Some of these similarities may be said to hold for all early modern playhouses,
but they are especially germane to Ford's Phoenix plays because of the specific
origins of that building.
Illustrative evidence about the size, shape and layout of early modern cockpits
concurs with contemporary eyewitness accounts. The general model was a circular
structure, approximately 40 feet across, containing a series of concentric
tiered seats (often with an ambulatory platform around the exterior) and a
circular table at the centre covered with straw or rush matting upon which
the cocks fought. The royal Cockpit built by Henry VIII at Whitehall was unusually
large for such a structure [11] and a typical piece of
evidence for the general design is presented here as figure 8.

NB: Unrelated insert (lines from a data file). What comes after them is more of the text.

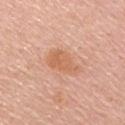Case summary:
- follow-up · no biopsy performed (imaged during a skin exam)
- automated lesion analysis · a lesion color around L≈63 a*≈24 b*≈35 in CIELAB, about 8 CIELAB-L* units darker than the surrounding skin, and a normalized lesion–skin contrast near 6.5; a nevus-likeness score of about 35/100 and a detector confidence of about 100 out of 100 that the crop contains a lesion
- image · total-body-photography crop, ~15 mm field of view
- anatomic site · the chest
- patient · male, in their mid-60s
- lighting · white-light
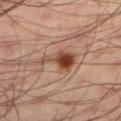biopsy status — imaged on a skin check; not biopsied
body site — the left lower leg
imaging modality — ~15 mm tile from a whole-body skin photo
lesion diameter — ≈5 mm
lighting — cross-polarized
subject — male, in their mid-30s
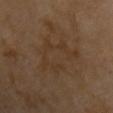No biopsy was performed on this lesion — it was imaged during a full skin examination and was not determined to be concerning.
From the front of the torso.
A close-up tile cropped from a whole-body skin photograph, about 15 mm across.
A male patient, in their mid- to late 50s.
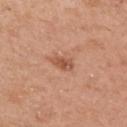Q: How was the tile lit?
A: white-light
Q: Lesion size?
A: ≈2.5 mm
Q: How was this image acquired?
A: ~15 mm tile from a whole-body skin photo
Q: Patient demographics?
A: female, aged around 40
Q: What is the anatomic site?
A: the left upper arm
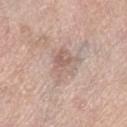Imaged during a routine full-body skin examination; the lesion was not biopsied and no histopathology is available.
A roughly 15 mm field-of-view crop from a total-body skin photograph.
Automated tile analysis of the lesion measured an eccentricity of roughly 0.35 and two-axis asymmetry of about 0.35. And it measured an average lesion color of about L≈61 a*≈17 b*≈24 (CIELAB), a lesion–skin lightness drop of about 8, and a normalized border contrast of about 5.5. It also reported border irregularity of about 4 on a 0–10 scale, internal color variation of about 4.5 on a 0–10 scale, and a peripheral color-asymmetry measure near 1.5. And it measured an automated nevus-likeness rating near 0 out of 100 and lesion-presence confidence of about 95/100.
Measured at roughly 4 mm in maximum diameter.
The subject is a female aged 68 to 72.
Located on the right lower leg.
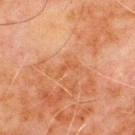Impression:
Part of a total-body skin-imaging series; this lesion was reviewed on a skin check and was not flagged for biopsy.
Image and clinical context:
About 2.5 mm across. A region of skin cropped from a whole-body photographic capture, roughly 15 mm wide. Automated tile analysis of the lesion measured a mean CIELAB color near L≈47 a*≈24 b*≈35. The software also gave border irregularity of about 5.5 on a 0–10 scale, a color-variation rating of about 0/10, and peripheral color asymmetry of about 0. The subject is a male aged 68–72. On the chest.
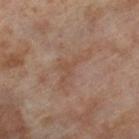Imaged during a routine full-body skin examination; the lesion was not biopsied and no histopathology is available. A close-up tile cropped from a whole-body skin photograph, about 15 mm across. Longest diameter approximately 5.5 mm. The subject is a female approximately 55 years of age. Automated image analysis of the tile measured a classifier nevus-likeness of about 0/100 and lesion-presence confidence of about 95/100. Captured under cross-polarized illumination. Located on the right thigh.
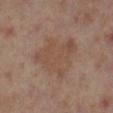Q: Was this lesion biopsied?
A: imaged on a skin check; not biopsied
Q: How was this image acquired?
A: ~15 mm tile from a whole-body skin photo
Q: Lesion size?
A: ~6 mm (longest diameter)
Q: What is the anatomic site?
A: the right lower leg
Q: Who is the patient?
A: female, about 40 years old
Q: Illumination type?
A: cross-polarized
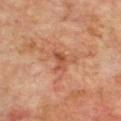This lesion was catalogued during total-body skin photography and was not selected for biopsy. Automated tile analysis of the lesion measured a classifier nevus-likeness of about 0/100. A male patient roughly 70 years of age. This is a cross-polarized tile. The lesion's longest dimension is about 2.5 mm. From the front of the torso. A lesion tile, about 15 mm wide, cut from a 3D total-body photograph.
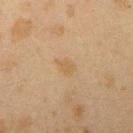This lesion was catalogued during total-body skin photography and was not selected for biopsy.
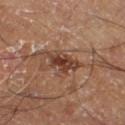Q: Was a biopsy performed?
A: catalogued during a skin exam; not biopsied
Q: Lesion location?
A: the right thigh
Q: What is the lesion's diameter?
A: ≈5 mm
Q: How was this image acquired?
A: 15 mm crop, total-body photography
Q: Illumination type?
A: cross-polarized illumination
Q: Patient demographics?
A: male, aged around 60
Q: Automated lesion metrics?
A: an area of roughly 7 mm², an eccentricity of roughly 0.9, and two-axis asymmetry of about 0.35; a within-lesion color-variation index near 3.5/10 and a peripheral color-asymmetry measure near 1; an automated nevus-likeness rating near 45 out of 100 and a lesion-detection confidence of about 90/100
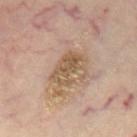The lesion was photographed on a routine skin check and not biopsied; there is no pathology result.
The total-body-photography lesion software estimated a footprint of about 10 mm² and a symmetry-axis asymmetry near 0.3. And it measured an average lesion color of about L≈54 a*≈15 b*≈31 (CIELAB), a lesion–skin lightness drop of about 9, and a lesion-to-skin contrast of about 7 (normalized; higher = more distinct). The analysis additionally found a classifier nevus-likeness of about 0/100.
The lesion's longest dimension is about 4.5 mm.
This is a cross-polarized tile.
The patient is a female in their mid- to late 40s.
Located on the mid back.
A lesion tile, about 15 mm wide, cut from a 3D total-body photograph.
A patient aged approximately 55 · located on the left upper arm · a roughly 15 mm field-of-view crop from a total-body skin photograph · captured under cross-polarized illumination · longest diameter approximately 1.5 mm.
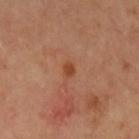pathology=a superficial basal cell carcinoma.
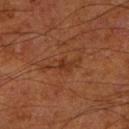follow-up: total-body-photography surveillance lesion; no biopsy
size: ~4 mm (longest diameter)
imaging modality: ~15 mm crop, total-body skin-cancer survey
patient: male, roughly 65 years of age
site: the leg
lighting: cross-polarized
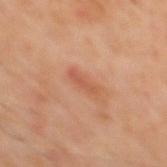Imaged during a routine full-body skin examination; the lesion was not biopsied and no histopathology is available. The patient is a male about 60 years old. Approximately 3.5 mm at its widest. The lesion-visualizer software estimated an outline eccentricity of about 0.95 (0 = round, 1 = elongated). The analysis additionally found a border-irregularity rating of about 3.5/10, a within-lesion color-variation index near 0/10, and peripheral color asymmetry of about 0. The lesion is located on the mid back. A close-up tile cropped from a whole-body skin photograph, about 15 mm across.

(Figure 8. Frontispiece to R[obert] H[owlett]'s The Royal Pastime of
Cockfighting (London, 1709))
The journal of Thomas Platter, a young traveller from Basle who visited
London between 18 September and 20 October 1599 describes a visit to a cockpit:
I saw the place which is built like a theatre (theatrum). In the
centre of the floor stands a circular table covered with straw and with
ledges around it, where the cocks are teased and inticed to fly at one
another, while those with wagers as to which cock will win, sit closest
around the circular disk, but the spectators who are merely present on
their entrance penny sit around higher up. [12]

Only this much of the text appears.